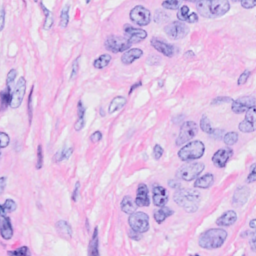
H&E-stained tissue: Breast
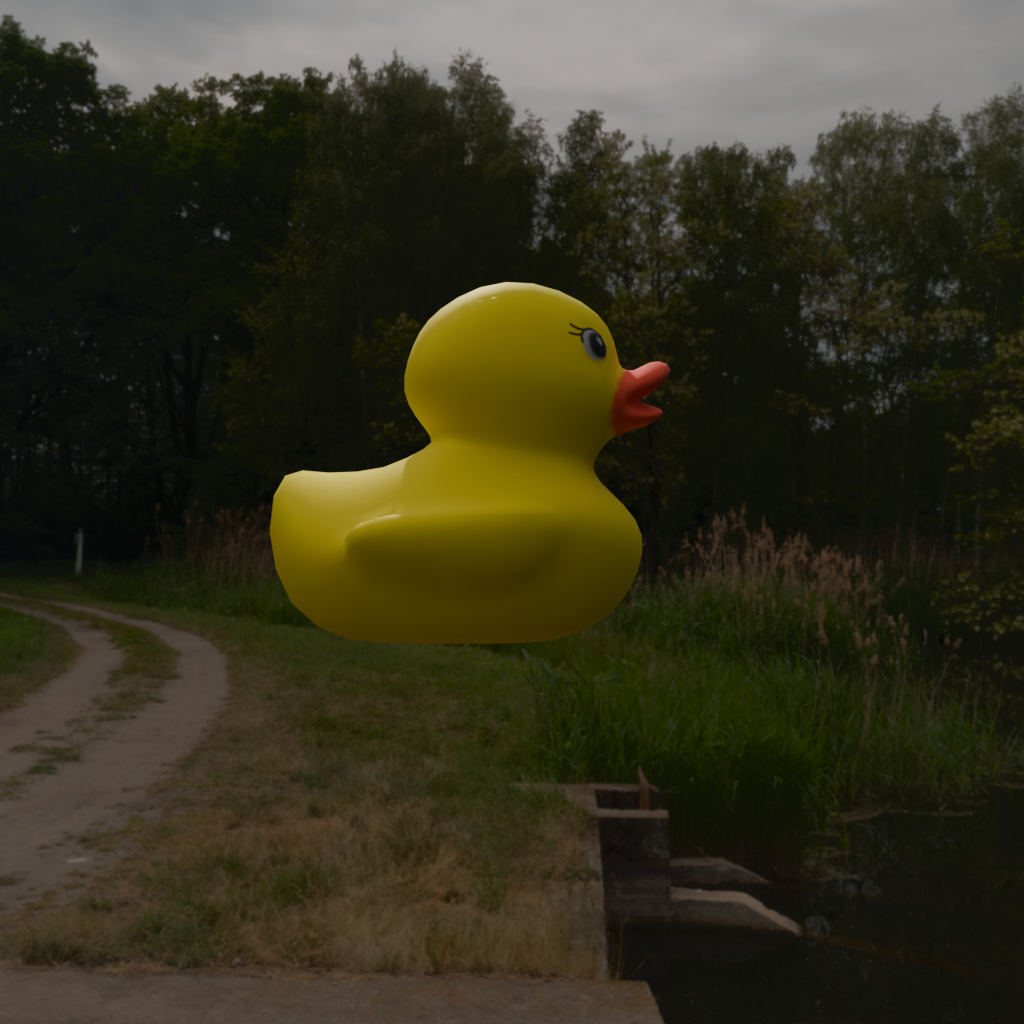
an image of a yellow rubber duck seen from <right> in a lakeside with a cloudy sky surrounded by greenery and dirt paths.
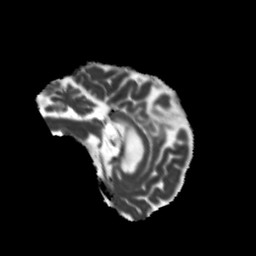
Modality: MD
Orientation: sagittal
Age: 68
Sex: female
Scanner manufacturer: siemens
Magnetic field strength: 3 T
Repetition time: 5.25 s
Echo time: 0.08 s
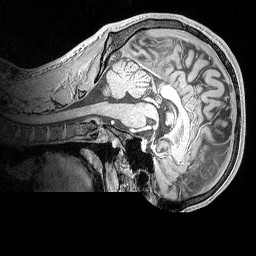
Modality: MP2RAGE
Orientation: sagittal
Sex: male
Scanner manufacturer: siemens
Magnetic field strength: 3 T
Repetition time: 5 s
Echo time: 0.00292 s
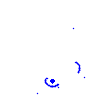
Particle: pion
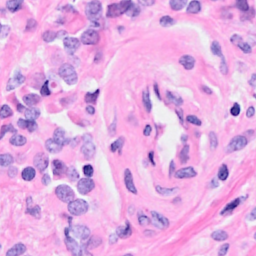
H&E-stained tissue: Breast
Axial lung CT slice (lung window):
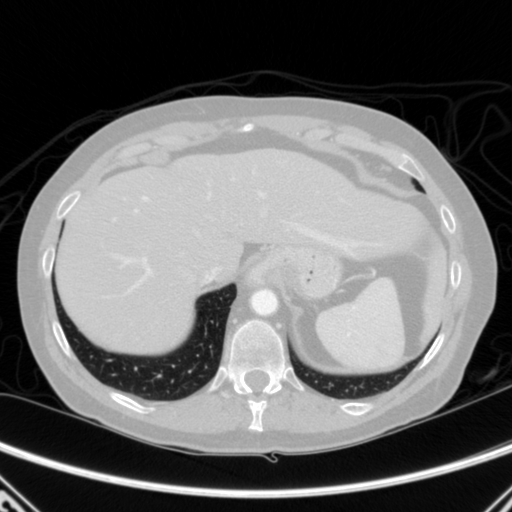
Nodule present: no
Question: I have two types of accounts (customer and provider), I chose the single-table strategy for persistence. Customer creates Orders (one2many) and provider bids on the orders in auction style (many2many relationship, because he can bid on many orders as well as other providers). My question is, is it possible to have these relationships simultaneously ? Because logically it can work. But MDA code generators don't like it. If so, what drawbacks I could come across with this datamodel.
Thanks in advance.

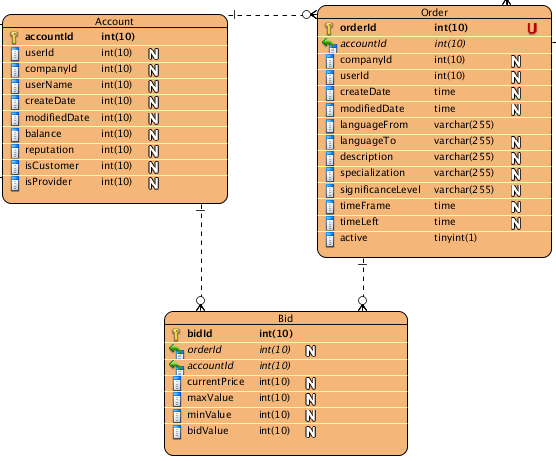
Answer: The disadvantage is that you can't enforce referential integrity in the database between the accountID in the accounts table and the accountID in the bids table (which I assume represents the accountID of the bidding on the order) because not all accountID values are allowable.
But, don't give up on the single-table solution for accounts, which may well be the correct one for your problem (I can't say for sure not completely understand the relation between providers and customers). Here's what you need to do to use the single table solution and allow referential integrity:
1. Remove isProvider and isCustomer from Accounts.
2. Add two new tables Providers and Customers. Each table will have an accountID column which is both the primary key in that table and a foreign key back to the original account table.
3. Migrate any additional columns from Accounts that are unique to either Providers or Customers into the appropriate table.
4. Now, the accountID in the Orders table should be a foreign key into Customers, not Accounts. Similarly, the accountID column in Bids becomes a foreign key into Providers rather than Accounts.
Relational integrity and single-table storage for accounts is provided for.
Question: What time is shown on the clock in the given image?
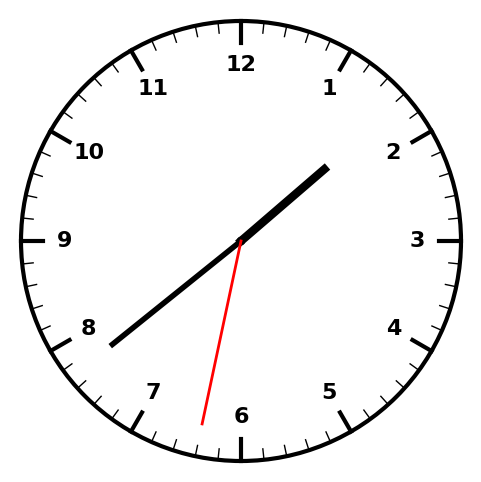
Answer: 01:38:32
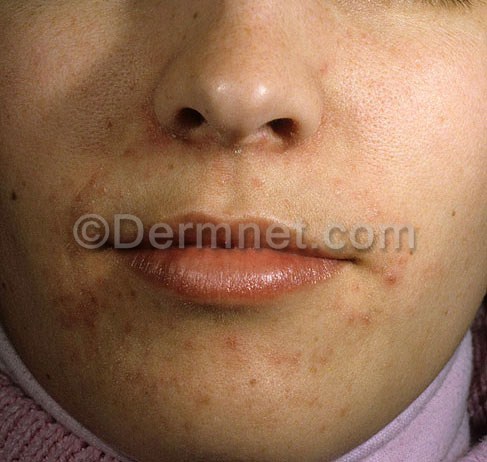
Disease: Acne and Rosacea Photos
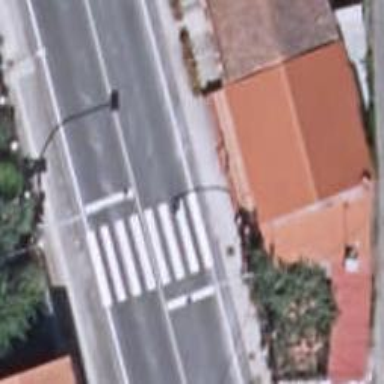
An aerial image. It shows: Traffic signals at road crossing.
********************
Exactly as written, reproduce the lines from the beginning of the material through the line with "Axial lung CT", and skip any picture.

H&E-stained tissue: Breast
an image of a yellow rubber duck seen from <right> in a lakeside with a cloudy sky surrounded by greenery and dirt paths.
Modality: MD
Orientation: sagittal
Age: 68
Sex: female
Scanner manufacturer: siemens
Magnetic field strength: 3 T
Repetition time: 5.25 s
Echo time: 0.08 s
Modality: MP2RAGE
Orientation: sagittal
Sex: male
Scanner manufacturer: siemens
Magnetic field strength: 3 T
Repetition time: 5 s
Echo time: 0.00292 s
Particle: pion
H&E-stained tissue: Breast
Axial lung CT slice (lung window):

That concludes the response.